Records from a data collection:
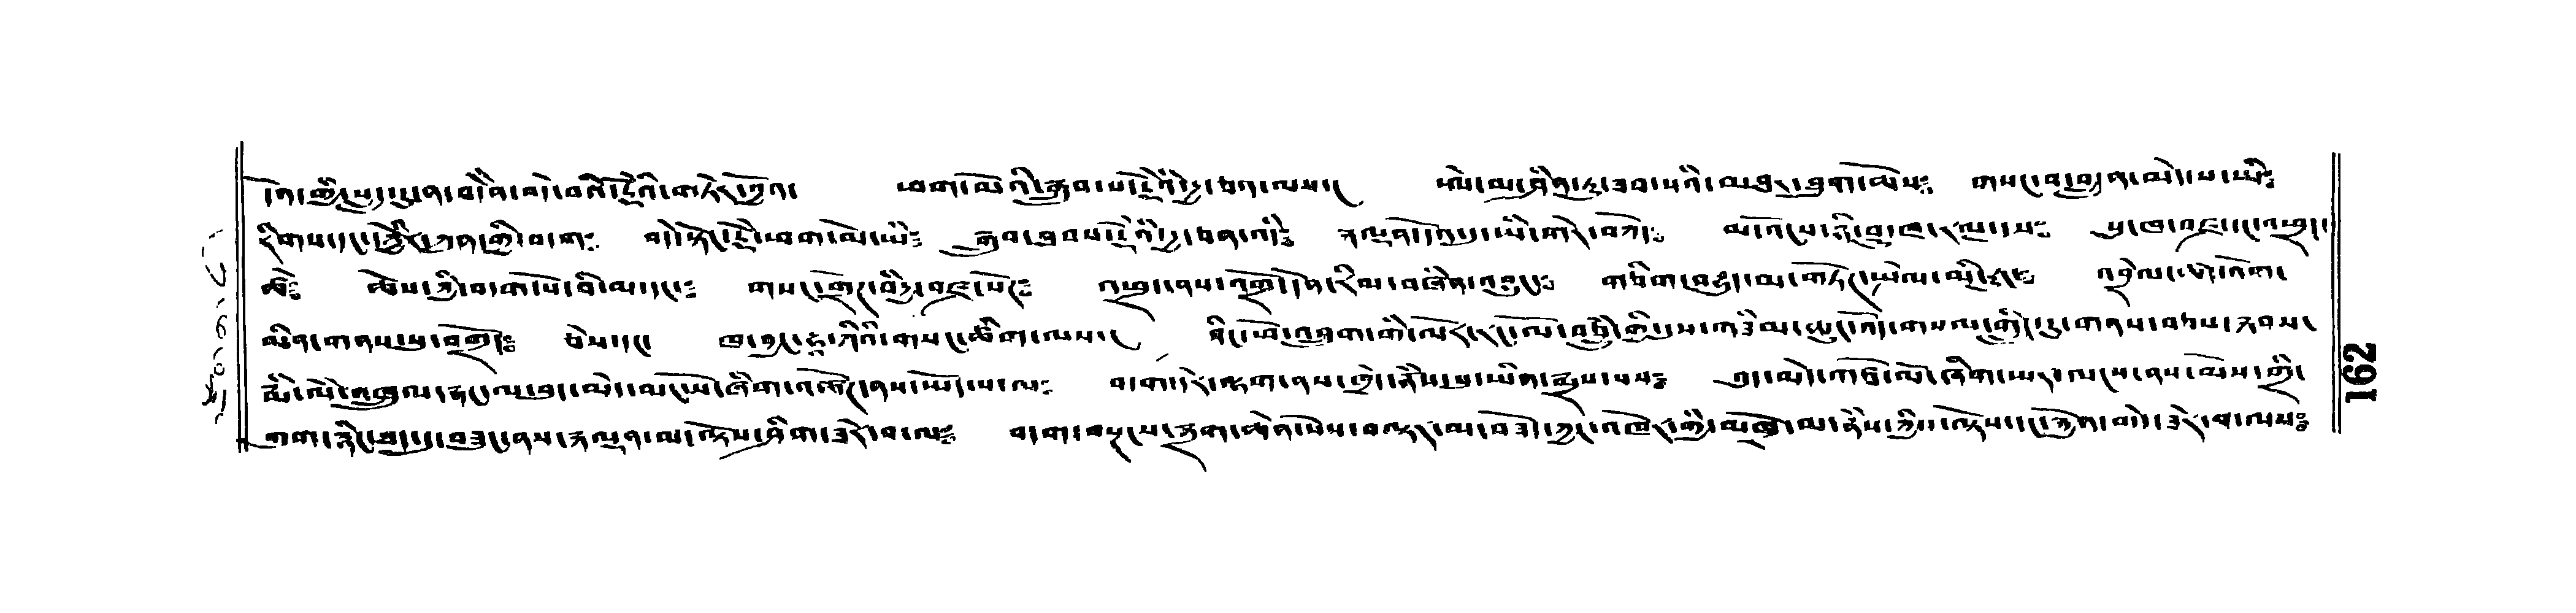དོན་གྱི་སླད་དུ་སྨོས་ན་བདེ་ཆེན་བདེ་བའི་རྡོ་རྗེའི་གཏེར་བྱོན། ཕག་མོའི་སྒྲུབ་པ་རྡོ་རྗེའི་རྒྱ་ཅན་ལས། ཨེ་མ༔ཤིན་ཏུ་ཟབ་པའི་མཐར་ཐུག་ཆོས༔ གསང་བ་བླ་ན་མེད་པ་ཡི༔ 
རིགས་དང་དཀྱིལ་འཁོར་ཀུན་གྱི་བདག༔ བདེ་སྟོང་རྡོ་རྗེ་ཕག་མོ་ཡི༔ སྒྲུབ་ཐབས་རྡོ་རྗེའི་རྒྱ་ཅན་འདི༔ སྐལ་ལྡན་དོན་དུ་ཡི་གེར་བཀོད༔མ་འོངས་ཉི་ཤུ་ཁ་རལ་དུས༔ སུ་ཁ་བཛྲ་དང་ཕྲད་
ཚེ༔ ཆོས་ཀྱི་བདག་པོ་བཱི་མ་དང༔ གསང་གྲོགས་བིདྱ་བཛྲ་སོགས༔ ཕྲད་ནས་འགྲོ་དོན་རིམ་བཞིན་འབྱུང༔ གཅིག་བརྒྱུད་མ་གཏོགས་སྤེལ་མི་རུང༔ འབྲེལ་ཚད་འོག་
མིན་གནས་སུ་བགྲོད༔ ཅེས་དང་། ཁ་བྱང་ཌཱ་ཀིའི་གསང་ཚིག་ལས། ཤིང་ཕོ་འབྲུག་གི་ལོར་རང་ལོ་བཅུ་གསུམ་གྱི་དུས་གཟིམ་ཆུང་འོད་གསལ་གླིང་དུ་གནས་བཅས་སྐབས་
རྨི་ལམ་འཁྲུལ་སྣང་ལ་བུད་མེད་མང་པོ་ཞིག་འཚོགས་ནས་ཡོད་པ་ལ༔ བདག་དེར་ལྷགས་ནས་ཁྱེད་རྣམས་སུ་ཡིན་སྨྲས་པས༔ བུད་མེད་གཙོ་མོ་ཞིག་ཡར་ལངས་ནས་མོས་གྲི་
གུག་སྙིང་ཐད་དུ་བཟུང་ནས་སྐལ་ལྡན་མ་ལྟོས་ཤིག་ཟེར་བ་ལ༔ བདག་བསྔངས་སྐྲག་ཆེན་པོས་བལྟར་མ་བཟོད་ཀྱང་འཁོར་གྱི་མཁའ་འགྲོ་མ་རྣམས་ཀྱིས་ལྟོས་དང་སྐྱོན་མེད་ཟེར་བ་ལས༔

### WHAT IS EXPECTED:
Retype the data above exactly, dropping every picture.

### COMPLETED TASK:
དོན་གྱི་སླད་དུ་སྨོས་ན་བདེ་ཆེན་བདེ་བའི་རྡོ་རྗེའི་གཏེར་བྱོན། ཕག་མོའི་སྒྲུབ་པ་རྡོ་རྗེའི་རྒྱ་ཅན་ལས། ཨེ་མ༔ཤིན་ཏུ་ཟབ་པའི་མཐར་ཐུག་ཆོས༔ གསང་བ་བླ་ན་མེད་པ་ཡི༔ 
རིགས་དང་དཀྱིལ་འཁོར་ཀུན་གྱི་བདག༔ བདེ་སྟོང་རྡོ་རྗེ་ཕག་མོ་ཡི༔ སྒྲུབ་ཐབས་རྡོ་རྗེའི་རྒྱ་ཅན་འདི༔ སྐལ་ལྡན་དོན་དུ་ཡི་གེར་བཀོད༔མ་འོངས་ཉི་ཤུ་ཁ་རལ་དུས༔ སུ་ཁ་བཛྲ་དང་ཕྲད་
ཚེ༔ ཆོས་ཀྱི་བདག་པོ་བཱི་མ་དང༔ གསང་གྲོགས་བིདྱ་བཛྲ་སོགས༔ ཕྲད་ནས་འགྲོ་དོན་རིམ་བཞིན་འབྱུང༔ གཅིག་བརྒྱུད་མ་གཏོགས་སྤེལ་མི་རུང༔ འབྲེལ་ཚད་འོག་
མིན་གནས་སུ་བགྲོད༔ ཅེས་དང་། ཁ་བྱང་ཌཱ་ཀིའི་གསང་ཚིག་ལས། ཤིང་ཕོ་འབྲུག་གི་ལོར་རང་ལོ་བཅུ་གསུམ་གྱི་དུས་གཟིམ་ཆུང་འོད་གསལ་གླིང་དུ་གནས་བཅས་སྐབས་
རྨི་ལམ་འཁྲུལ་སྣང་ལ་བུད་མེད་མང་པོ་ཞིག་འཚོགས་ནས་ཡོད་པ་ལ༔ བདག་དེར་ལྷགས་ནས་ཁྱེད་རྣམས་སུ་ཡིན་སྨྲས་པས༔ བུད་མེད་གཙོ་མོ་ཞིག་ཡར་ལངས་ནས་མོས་གྲི་
གུག་སྙིང་ཐད་དུ་བཟུང་ནས་སྐལ་ལྡན་མ་ལྟོས་ཤིག་ཟེར་བ་ལ༔ བདག་བསྔངས་སྐྲག་ཆེན་པོས་བལྟར་མ་བཟོད་ཀྱང་འཁོར་གྱི་མཁའ་འགྲོ་མ་རྣམས་ཀྱིས་ལྟོས་དང་སྐྱོན་མེད་ཟེར་བ་ལས༔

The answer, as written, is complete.